On the other hand, for the curator Eugenio Valdés Figueroa, “The first manifestation of the art of the 1990s occurred in 1989, when artists and critics brought about the by-now-much-discussed Ball Game . . . a fictitious act, simulating and metaphorical, like the art world had not seen the entire decade.”12 In her text “Play Off (también, a propósito de Antonia),” the critic and curator Elvia Rosa Castro says, “The Echeverría performance—which every game is—more than a morphological change, traced the advent of a rethinking of the functions, variable in access and statute, of art in the new socioeconomic-cultural context.”13
A propos of Antonia (Eiriz), the writer and curator Orlando Hernández placed the Ball Game of 1989 in relation to her 1996 La muerte en pelota [Death in Baseball, or Death Stark Naked], a piece—like others by Antonia Eiriz—considered in its time as too pessimistic for the obligatory fervor. “Significantly, both works are closely related not to the beginning of a National Series, nor to the Panamerican Games, but to the unpleasant phenomenon of censorship, that is, both were, in one way or another, the artists’ civic responses to the intolerance of official Cuban institutions regarding freedom of expression.” Hernández continues: “So that, in addition to works of art, Antonia’s large paintings and collages of the 1960s, as much as the Ball Game of 1989, should be seen and understood as two sociocultural milestones of great importance within the history of Cuban art.”14
The Blockade
On November 1, 1989, a few days before the fall of the Berlin Wall, the third Bienal of Havana was inaugurated, a key event in redefining the biennial format but above all the limits of what is “contemporary” according to that model of international exhibitions. With the theme “Tradition and Contemporaneity” and open, according to its own announcement, to the art of Asia, Africa, the Middle East, Latin America, and the Caribbean, the third Bienal valorized not only artistic practices from “peripheral” contexts, but also other cultural practices that usually circulate under the rubric of craft or popular art, like the wooden carvings dedicated to Simón Bolívar, the Mexican dolls, or the African wire toys that made up the “Nucleus 2” at that event with its clear call for decolonization.

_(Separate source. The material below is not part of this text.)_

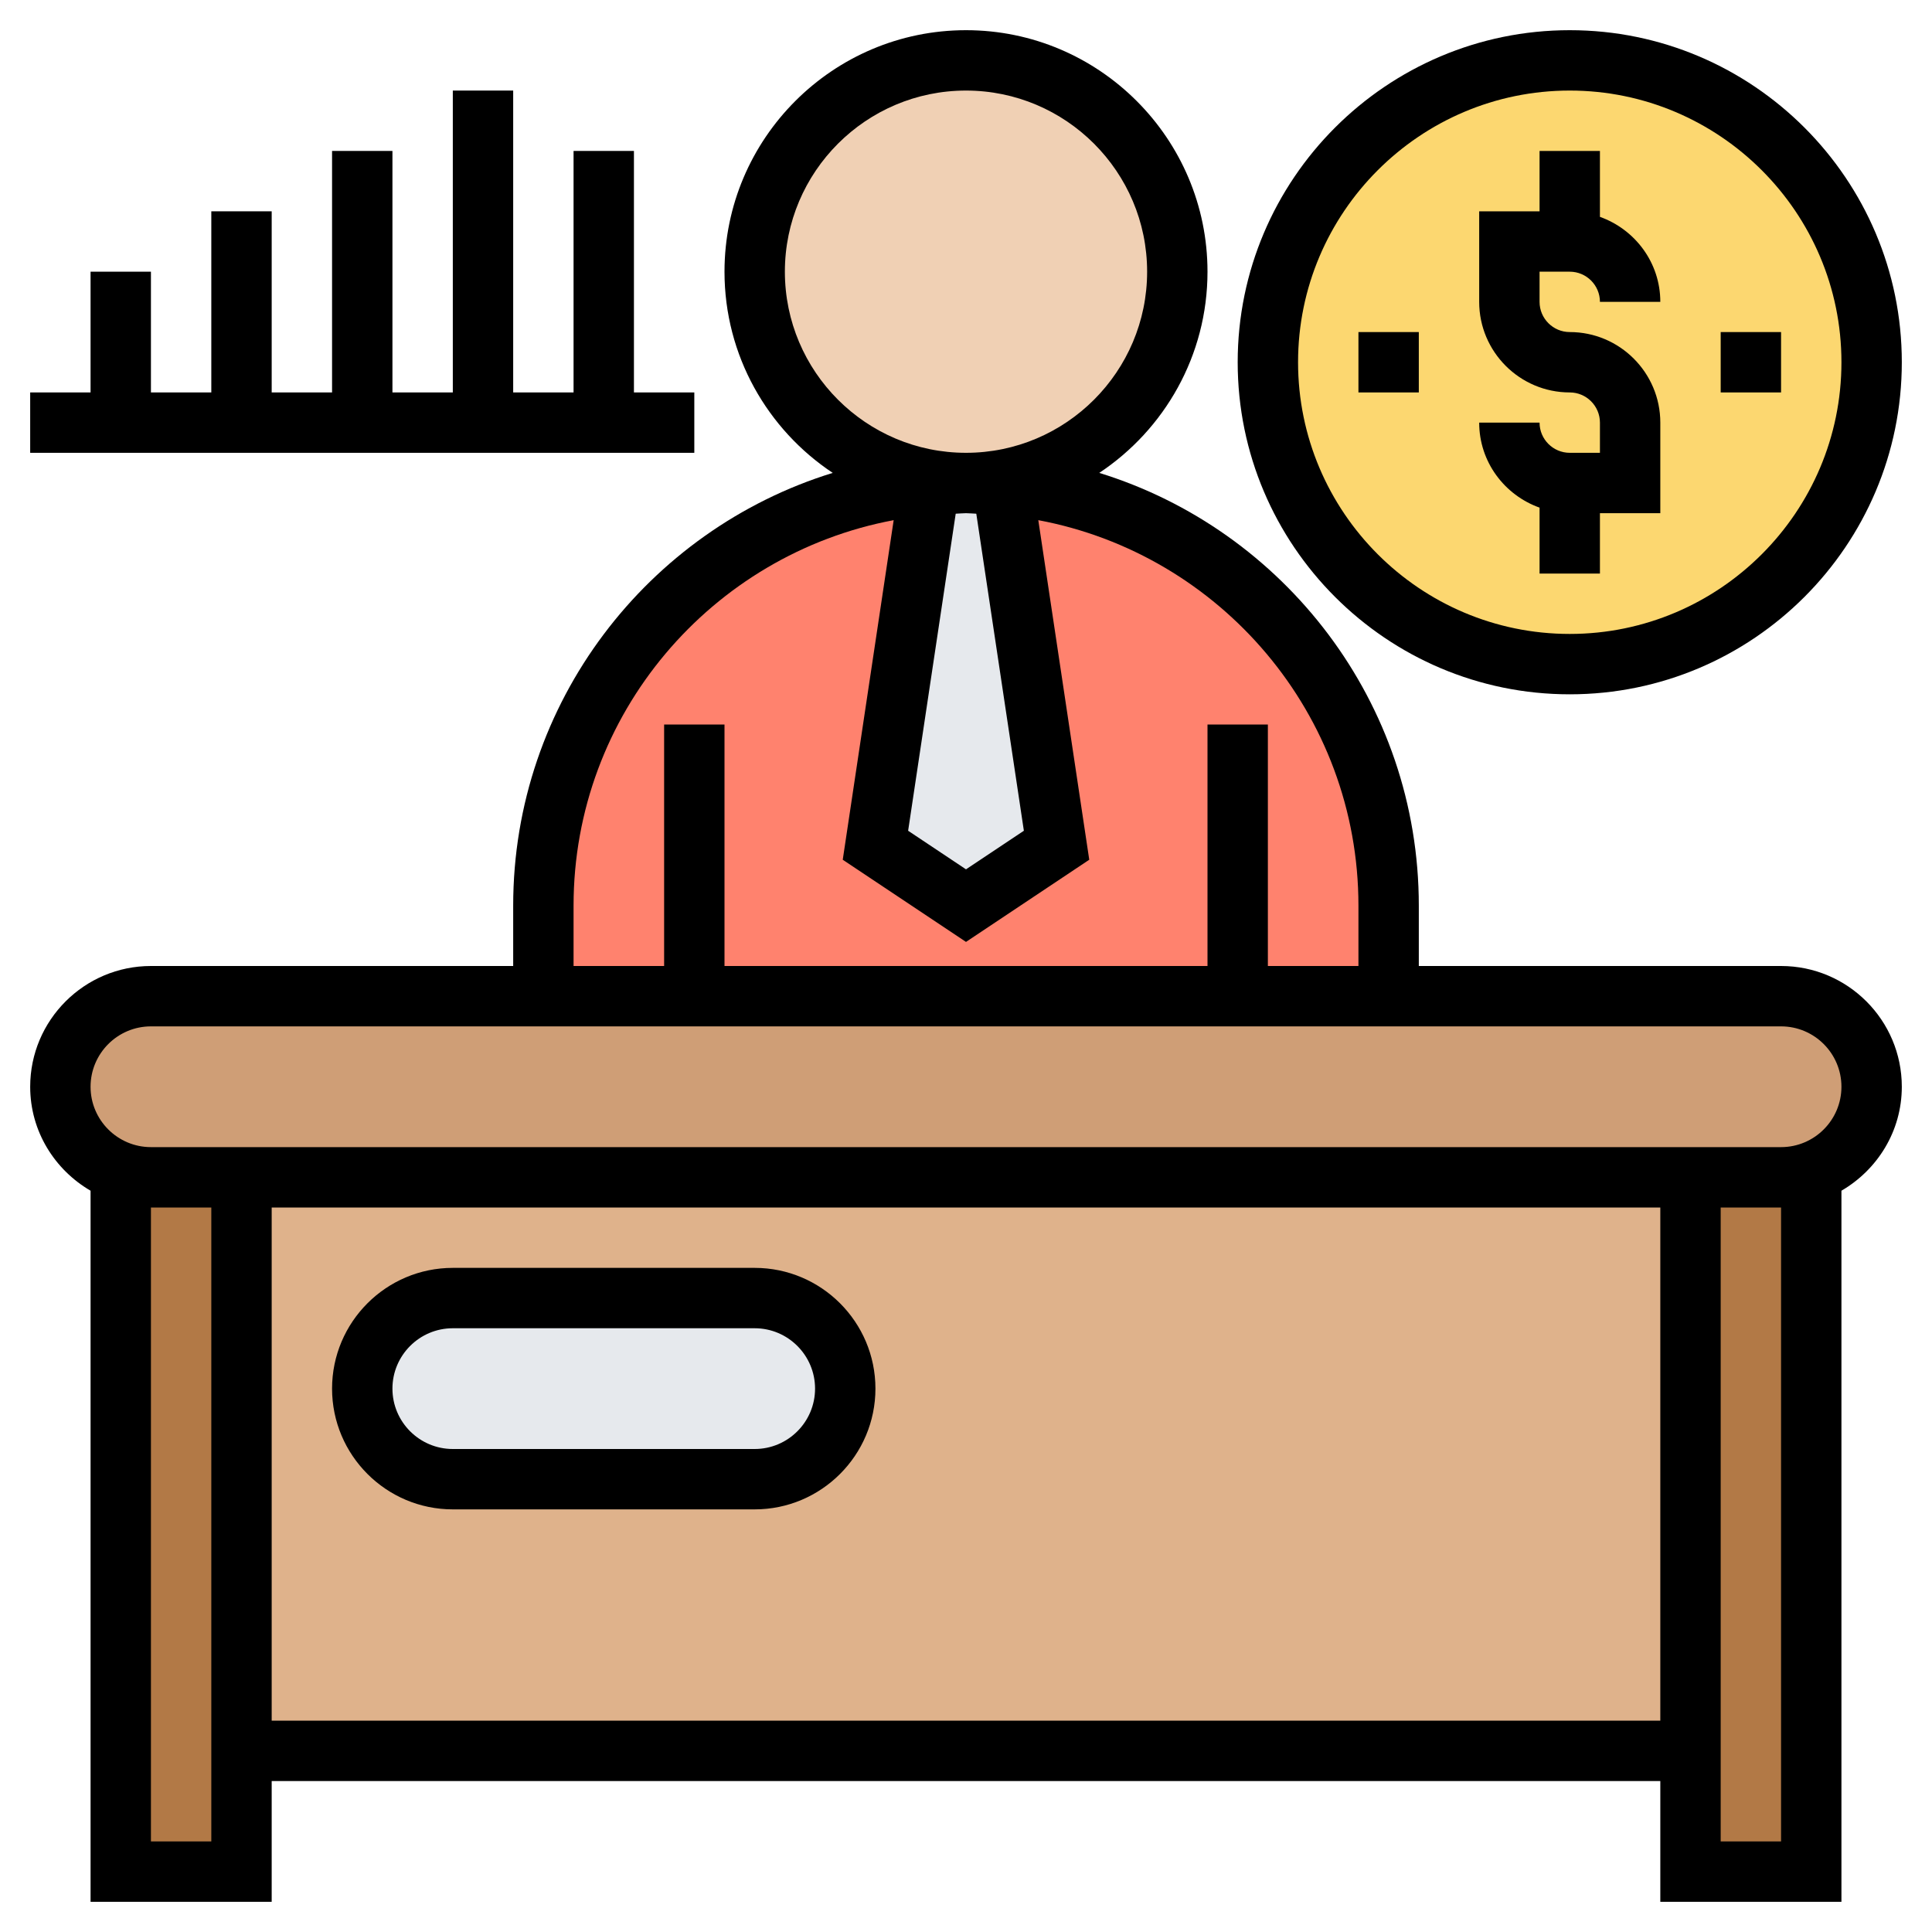 <svg id="Layer_35" enable-background="new 0 0 64 64" height="512" viewBox="0 0 64 64" width="512" xmlns="http://www.w3.org/2000/svg"><path d="m33.21 16.05 1.79 11.95-3 2-3-2 1.79-11.95c-3.38.29-6.42 1.79-8.69 4.05-2.53 2.54-4.1 6.04-4.1 9.9v3h5 9 9 5v-3c0-7.32-5.63-13.33-12.79-13.95z" fill="#ff826e"/><path d="m33.21 16.05 1.79 11.95-3 2-3-2 1.79-11.95c.4-.03.8-.05 1.21-.05s.81.02 1.21.05z" fill="#e6e9ed"/><circle cx="32" cy="9" fill="#f0d0b4" r="7"/><path d="m56 39v19h-48v-19z" fill="#dfb28b"/><path d="m59 33c1.66 0 3 1.34 3 3 0 .83-.34 1.58-.88 2.12-.33.33-.73.58-1.18.72-.29.11-.61.16-.94.16h-3-48-3c-.33 0-.65-.05-.94-.16-1.2-.39-2.06-1.51-2.06-2.84 0-.83.34-1.58.88-2.12s1.29-.88 2.12-.88h13 5 9 9 5z" fill="#cf9e76"/><path d="m5 39h3v19 4h-4v-23l.06-.16c.29.11.61.16.94.16z" fill="#b27946"/><path d="m60 39v23h-4v-4-19h3c.33 0 .65-.05.94-.16z" fill="#b27946"/><path d="m25 43c1.66 0 3 1.34 3 3 0 .83-.34 1.58-.88 2.12s-1.29.88-2.12.88h-10c-1.66 0-3-1.34-3-3 0-.83.34-1.58.88-2.12s1.29-.88 2.12-.88z" fill="#e6e9ed"/><circle cx="52" cy="12" fill="#fcd770" r="10"/><path d="m59 32h-12v-2c0-6.735-4.462-12.445-10.585-14.335 2.158-1.434 3.585-3.885 3.585-6.665 0-4.411-3.589-8-8-8s-8 3.589-8 8c0 2.78 1.427 5.231 3.585 6.665-6.123 1.89-10.585 7.6-10.585 14.335v2h-12c-2.206 0-4 1.794-4 4 0 1.474.81 2.75 2 3.444v23.556h6v-4h46v4h6v-23.556c1.19-.694 2-1.97 2-3.444 0-2.206-1.794-4-4-4zm-25.083-4.48-1.917 1.278-1.917-1.278 1.576-10.503c.114-.003.226-.017.341-.017s.227.014.341.017zm-7.917-18.52c0-3.309 2.691-6 6-6s6 2.691 6 6-2.691 6-6 6-6-2.691-6-6zm-7 21c0-6.349 4.578-11.641 10.604-12.769l-1.687 11.249 4.083 2.722 4.083-2.722-1.688-11.249c6.027 1.128 10.605 6.42 10.605 12.769v2h-3v-8h-2v8h-16v-8h-2v8h-3zm-14 31v-21h2v21zm4-4v-17h46v17zm50 4h-2v-21h2zm0-23h-54c-1.103 0-2-.897-2-2s.897-2 2-2h54c1.103 0 2 .897 2 2s-.897 2-2 2z"/><path d="m25 42h-10c-2.206 0-4 1.794-4 4s1.794 4 4 4h10c2.206 0 4-1.794 4-4s-1.794-4-4-4zm0 6h-10c-1.103 0-2-.897-2-2s.897-2 2-2h10c1.103 0 2 .897 2 2s-.897 2-2 2z"/><path d="m23 13h-2v-8h-2v8h-2v-10h-2v10h-2v-8h-2v8h-2v-6h-2v6h-2v-4h-2v4h-2v2h22z"/><path d="m52 23c6.065 0 11-4.935 11-11s-4.935-11-11-11-11 4.935-11 11 4.935 11 11 11zm0-20c4.962 0 9 4.038 9 9s-4.038 9-9 9-9-4.038-9-9 4.038-9 9-9z"/><path d="m52 15c-.551 0-1-.449-1-1h-2c0 1.302.839 2.402 2 2.816v2.184h2v-2h2v-3c0-1.654-1.346-3-3-3-.551 0-1-.449-1-1v-1h1c.551 0 1 .449 1 1h2c0-1.302-.839-2.402-2-2.816v-2.184h-2v2h-2v3c0 1.654 1.346 3 3 3 .551 0 1 .449 1 1v1z"/><path d="m57 11h2v2h-2z"/><path d="m45 11h2v2h-2z"/></svg>

In 2011, the publisher Afterall dedicated the second volume of its series Exhibition Histories—which aimed to reconsider some of the exhibitions that have influenced how we experience and understand art—to that third Bienal of Havana. In the central essay of Making Art Global, Rachel Weiss points out, “The third Bienal was one of the first exhibitions of contemporary art to aspire to a global reach, both in terms of content and impact, and it was the first to do so from outside of the European and North American art system, which had, until then, undertaken to decide what art had global significance.”15 In 1989, as Charles Esche reminds us in the introduction to that same volume, the World Wide Web was invented. In Cuba, at the beginning of 2014, Internet access is still restricted and controlled by the State.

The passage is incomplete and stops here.